In its first seven months, Glow! has enrolled some 70 women, who are on MediCal, into the project. Attendance to sessions has averaged a remarkable 90 percent, said Lessard.
“You have to consider that for these women, many of whom are already mothers, fighting poverty – and all that goes with it -- is a full-time job,” she said. “They’ve had little time, energy and resources to care for their own health.”
What Lessard has found surprising and rewarding is that women who complete the group sessions often want to stay engaged with their groups or the program. “Many, after they’ve had healthy pregnancies and babies, have asked to stay engaged with the program as mentors to pregnant women. Some have even asked how they can become a doula or birth coach.”
Both the Rwanda and Fresno PTBi programs continue to grow and learn, often from each other. “Programs like Glow! give us an opportunity to see the results from different models and understand what some of the most important components might be,” said Elizabeth Butrick, senior program manager for the UCSF PTBi-East Africa.
In the Rwanda study, mental health in pregnancy has emerged as an issue. Rwanda researchers are thus interested in Fresno findings from its offerings on stress reduction and psychosocial care.
“I think Glow! has done a lovely job as well, responding to women’s needs for transport and childcare and working with provider groups to make the system work for everyone,” said Butrick.
Lessard acknowledged that Glow! learned from Rwanda the importance of stakeholder involvement -- from designing the program and through implementation.

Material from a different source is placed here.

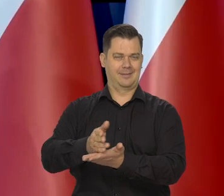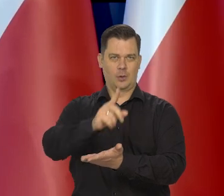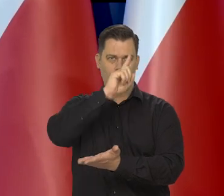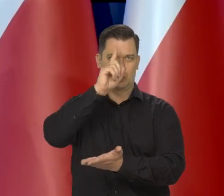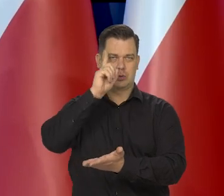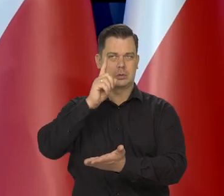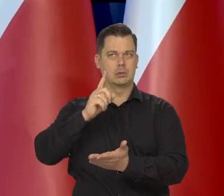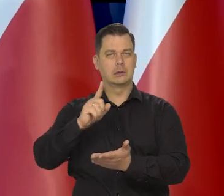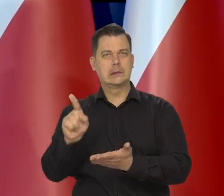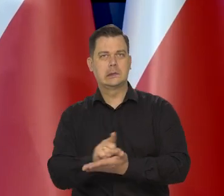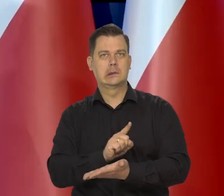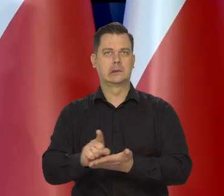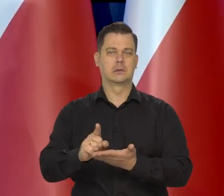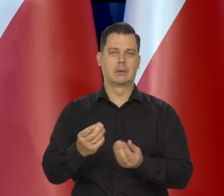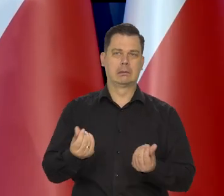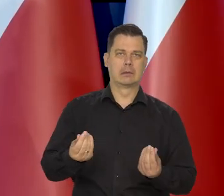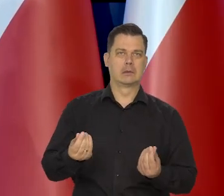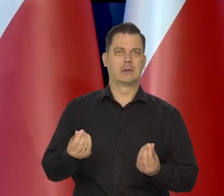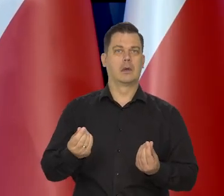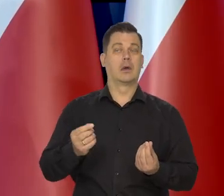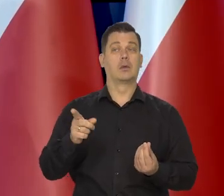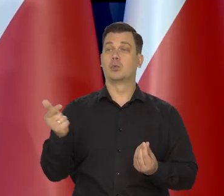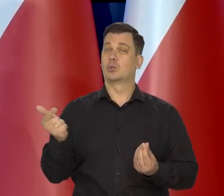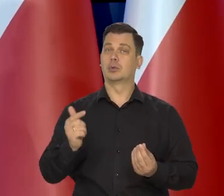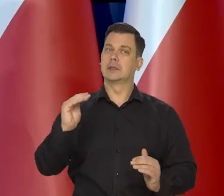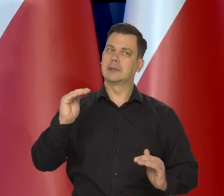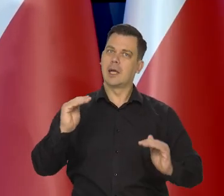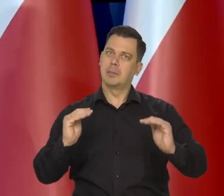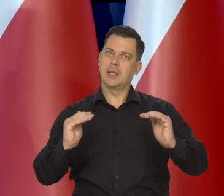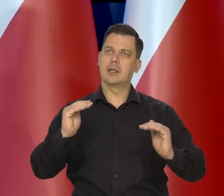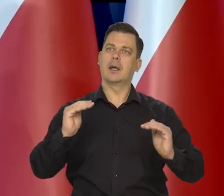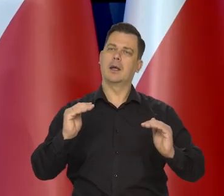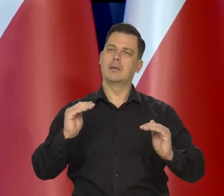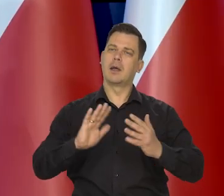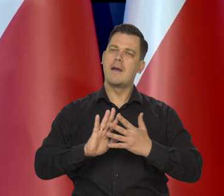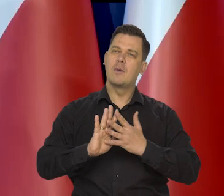Ten proces musi być stabilny. I ewolucyjny.
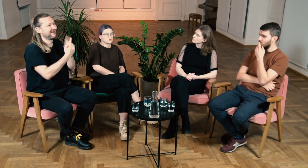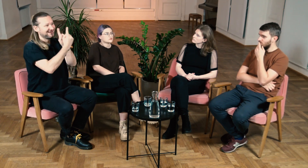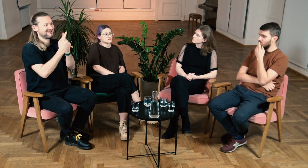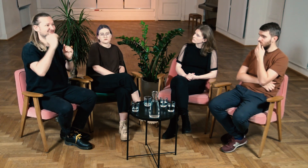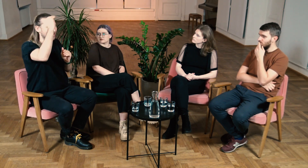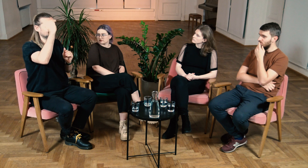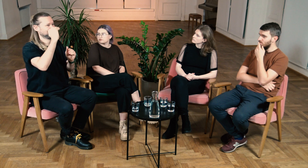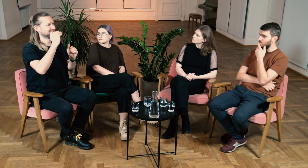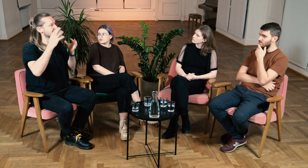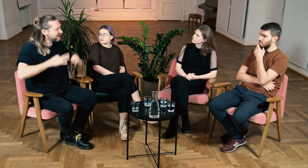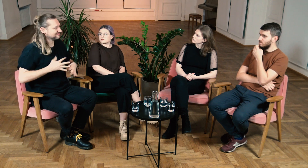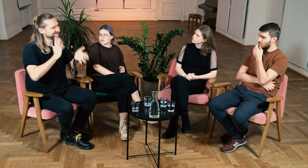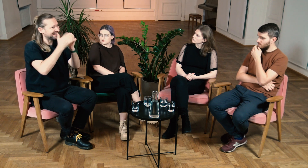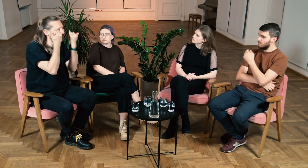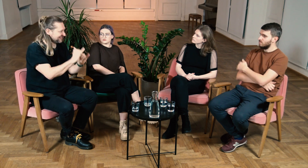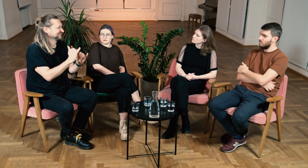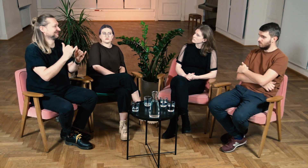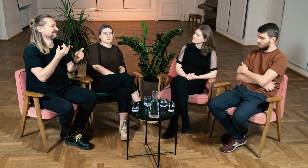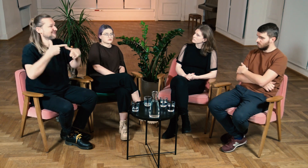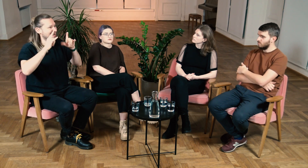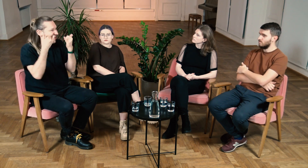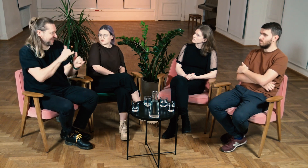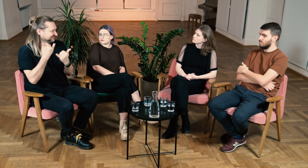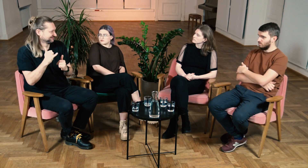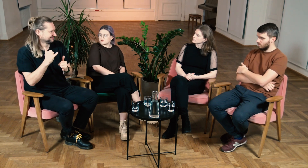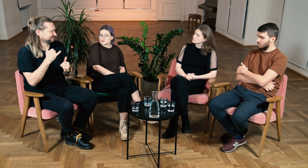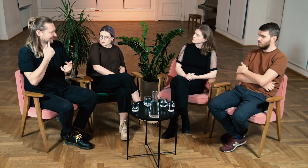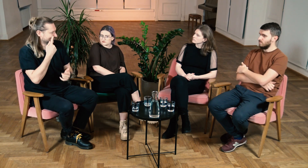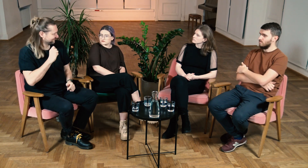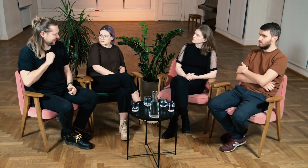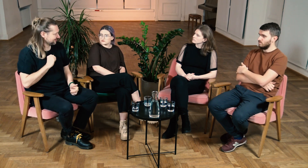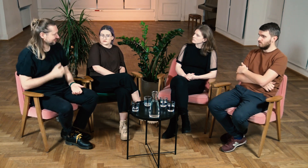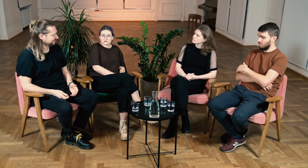albo, że do dorosłego warto mówić na Pan/Pani, a innego języka należy używać we vlogach. Myślę że to bardzo fajne.

“Stakeholder and community collaboration are critical,” said Butrick. “We have partnered throughout with the government agency responsible for health care delivery nationwide in Rwanda. We also did focus groups with women about their needs and conducted pilot group sessions to get their input on content, format and how it worked. Our program was given its Rwandan name by the women in those sessions.”
The program is called “Ibaruke Neza Mubyeyi in Kinyarwanda,” which loosely translated means, “May all pregnant women have a healthy pregnancy, birth and baby.”